*** Dataset records Section Begins ***
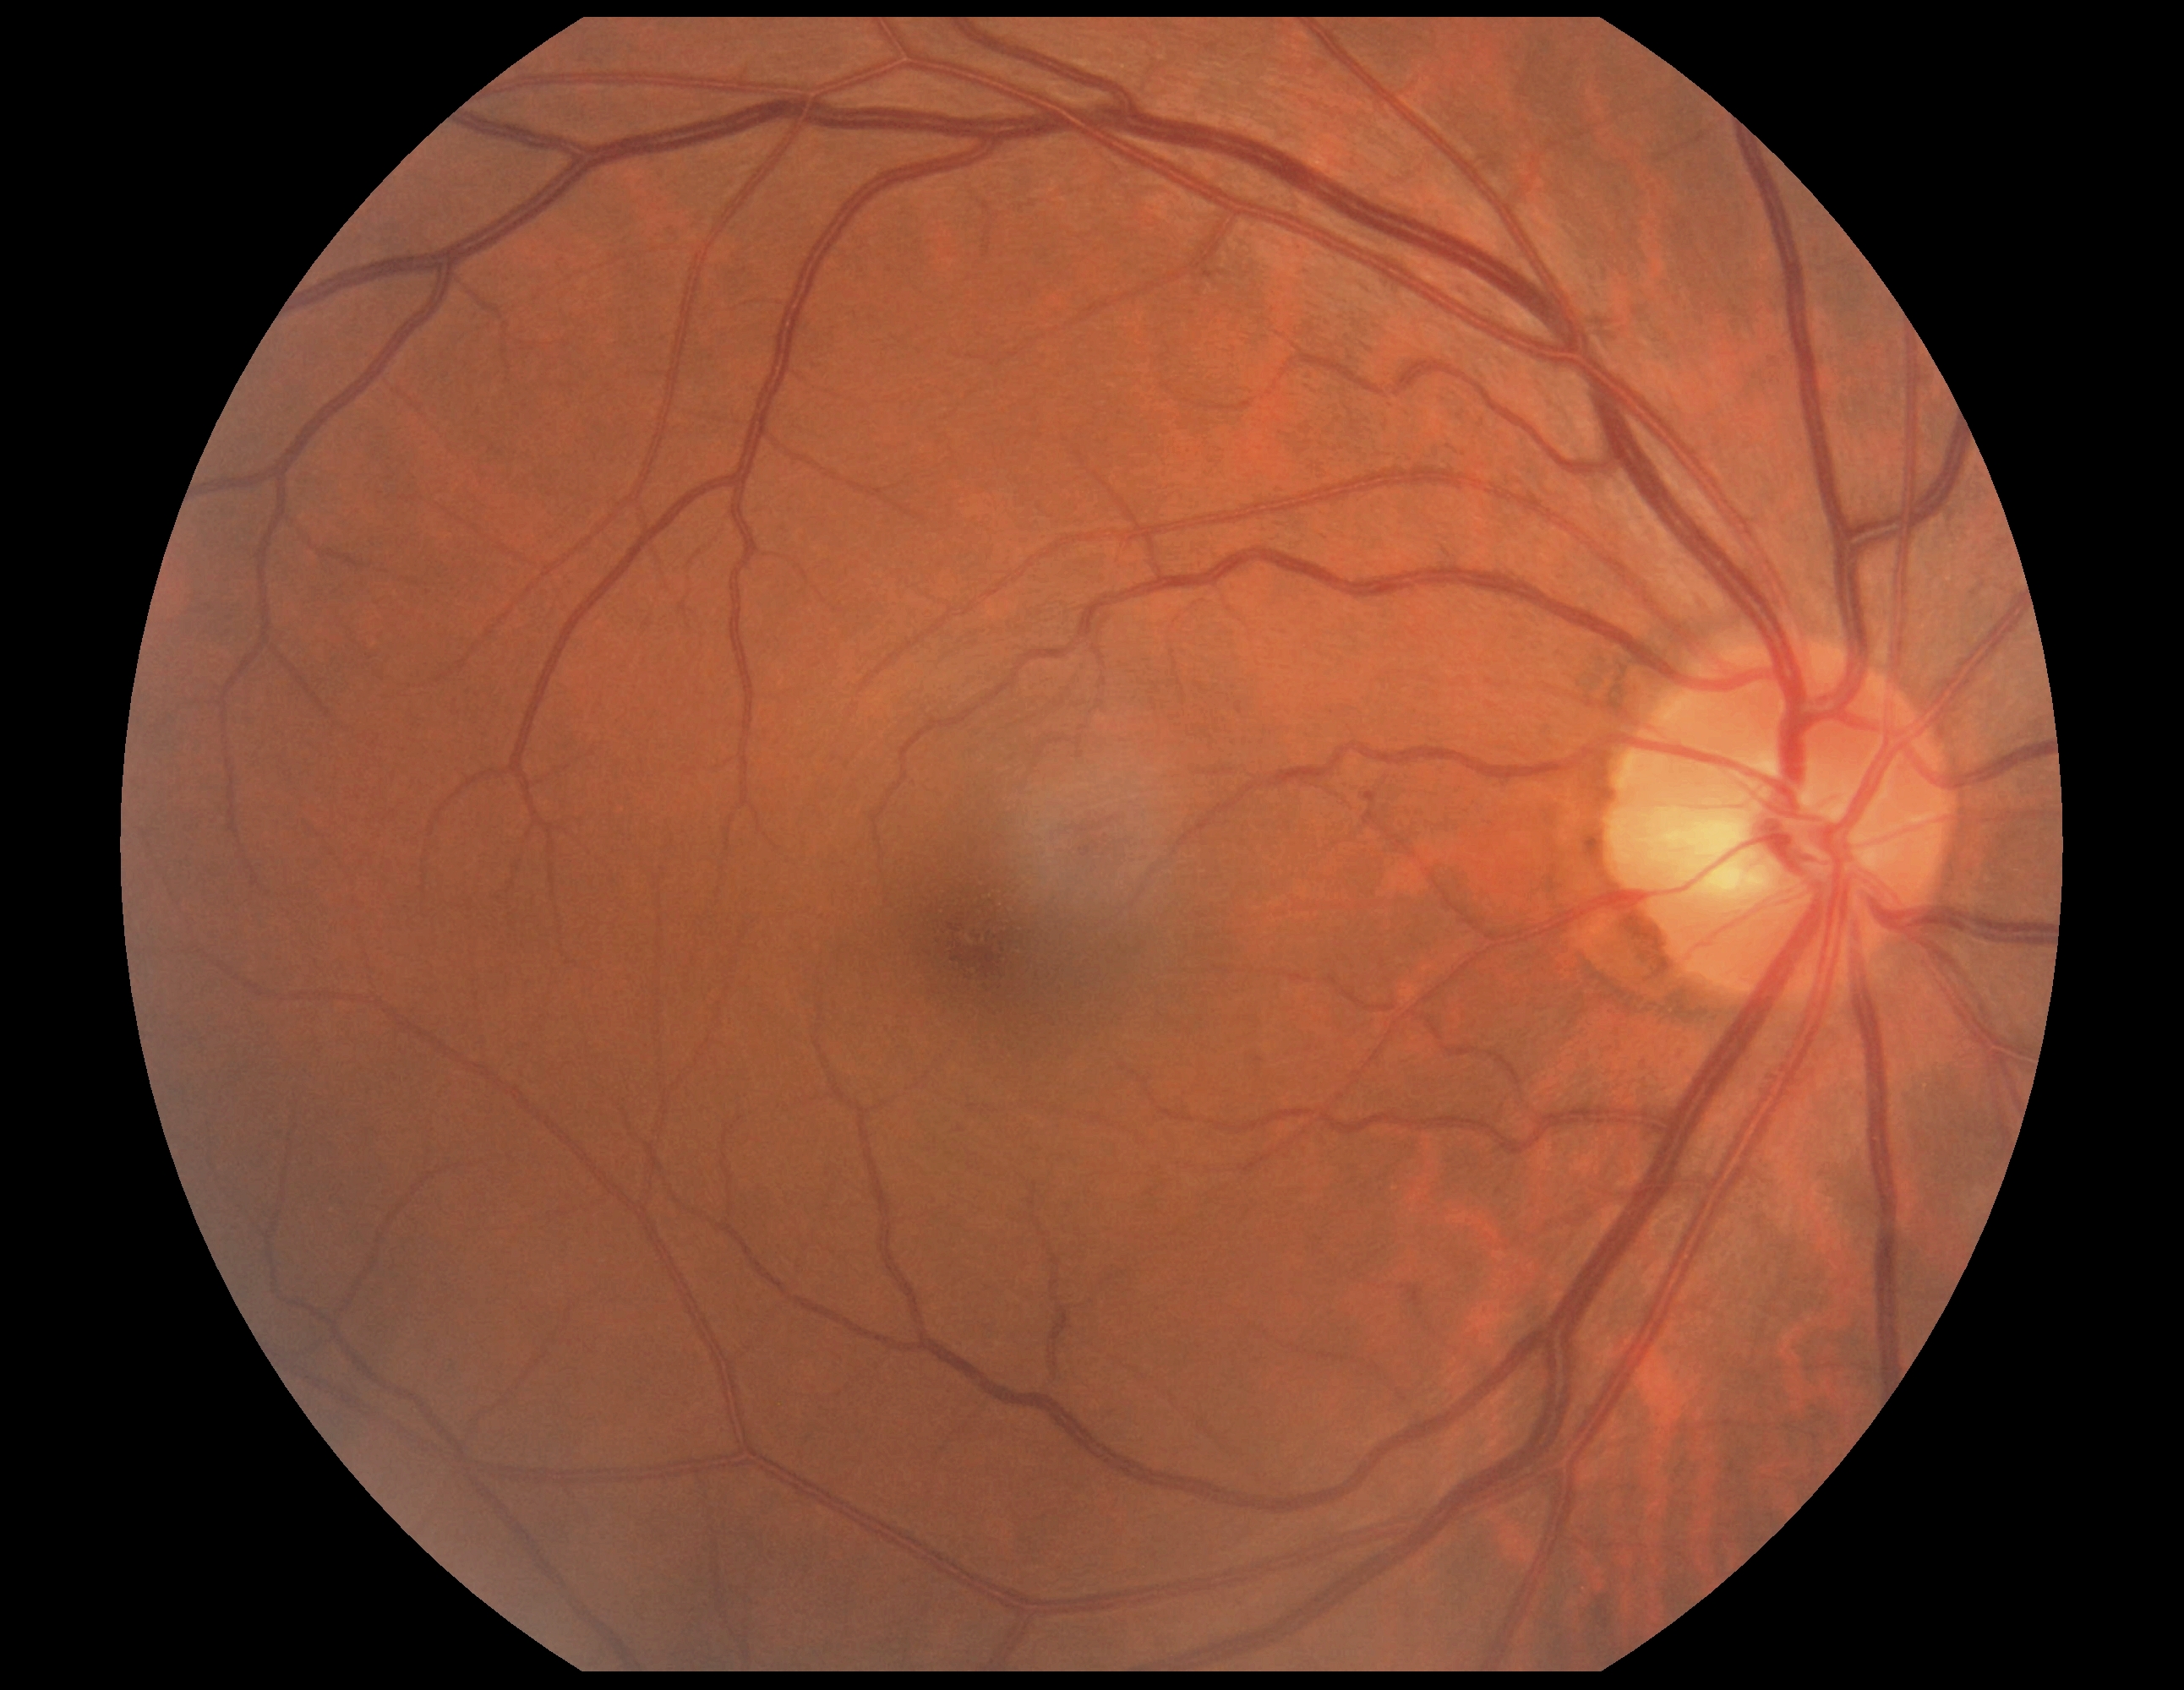 Retinopathy: no apparent retinopathy (grade 0). No diabetic retinal disease findings.
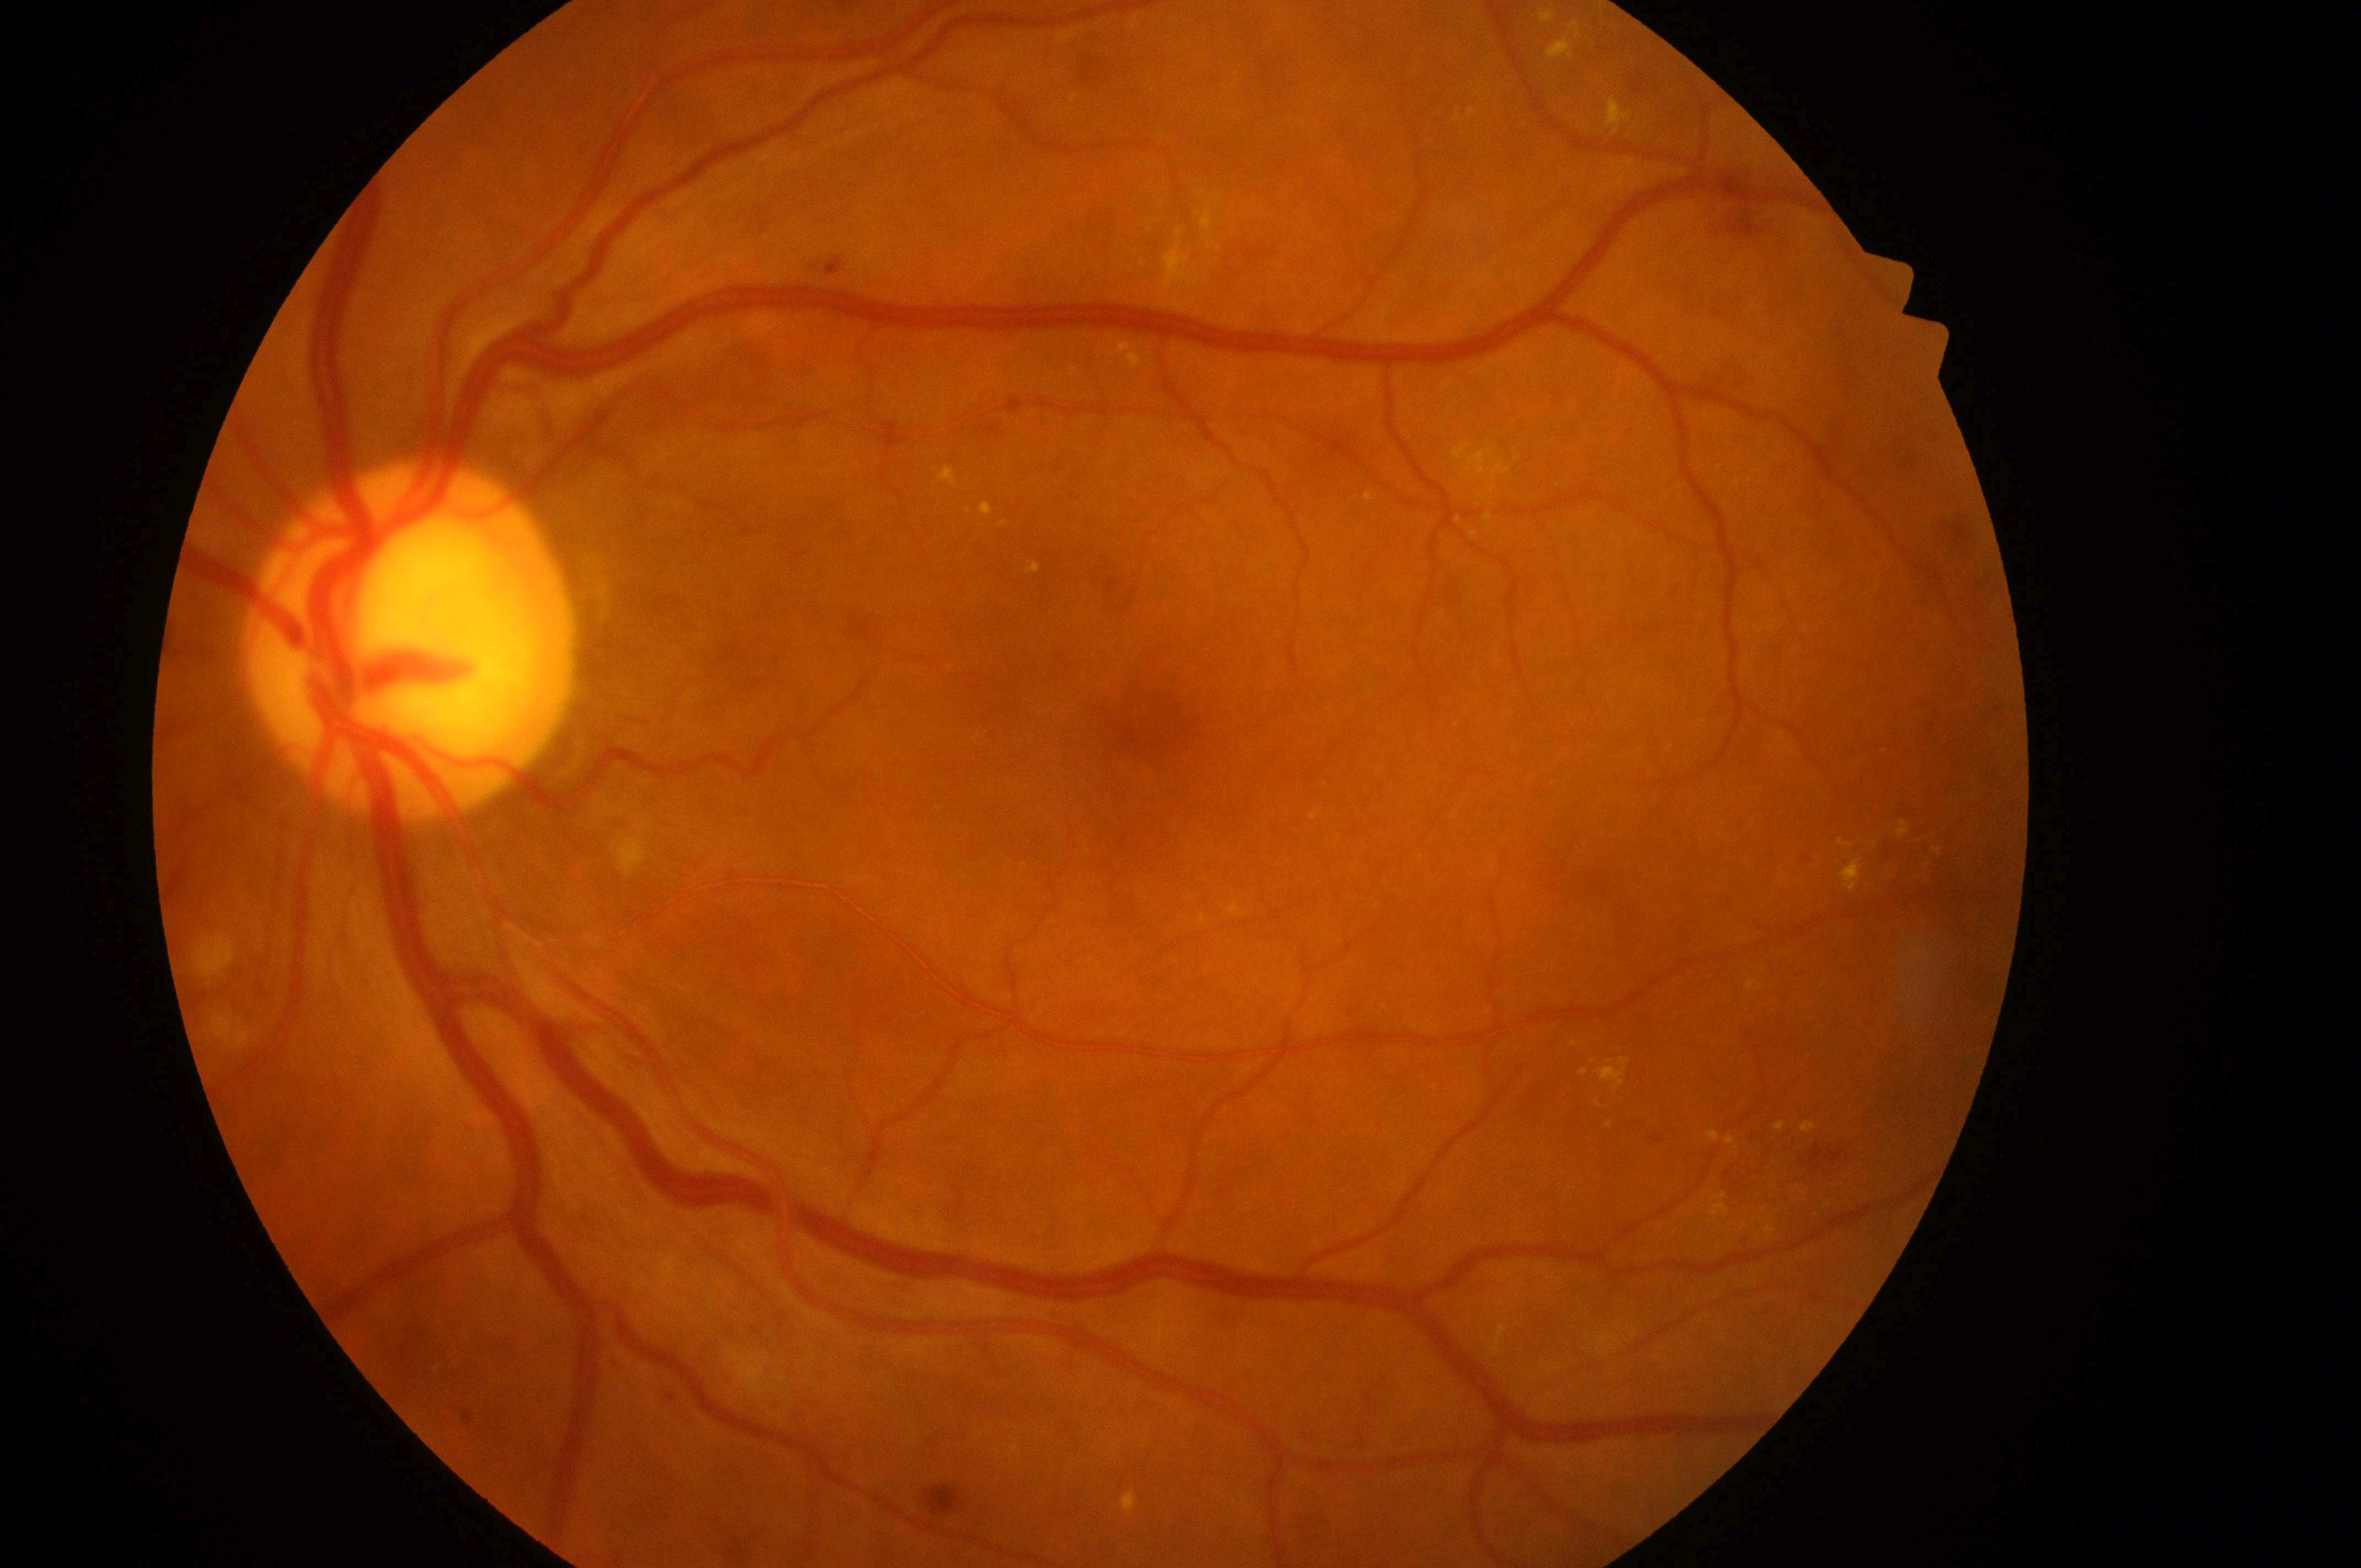 DR class: non-proliferative diabetic retinopathy.
Fovea center: (1147, 732).
DME is 2.
DR severity is 2.
Imaged eye: the left eye.
The optic disk is at (400, 651).
*** Dataset records Section Ends ***
Output only the lines from the one that contains "Imaged eye: the left eye." through the last line of the data above, each restated exactly.

Answer section =>
Imaged eye: the left eye.
The optic disk is at (400, 651).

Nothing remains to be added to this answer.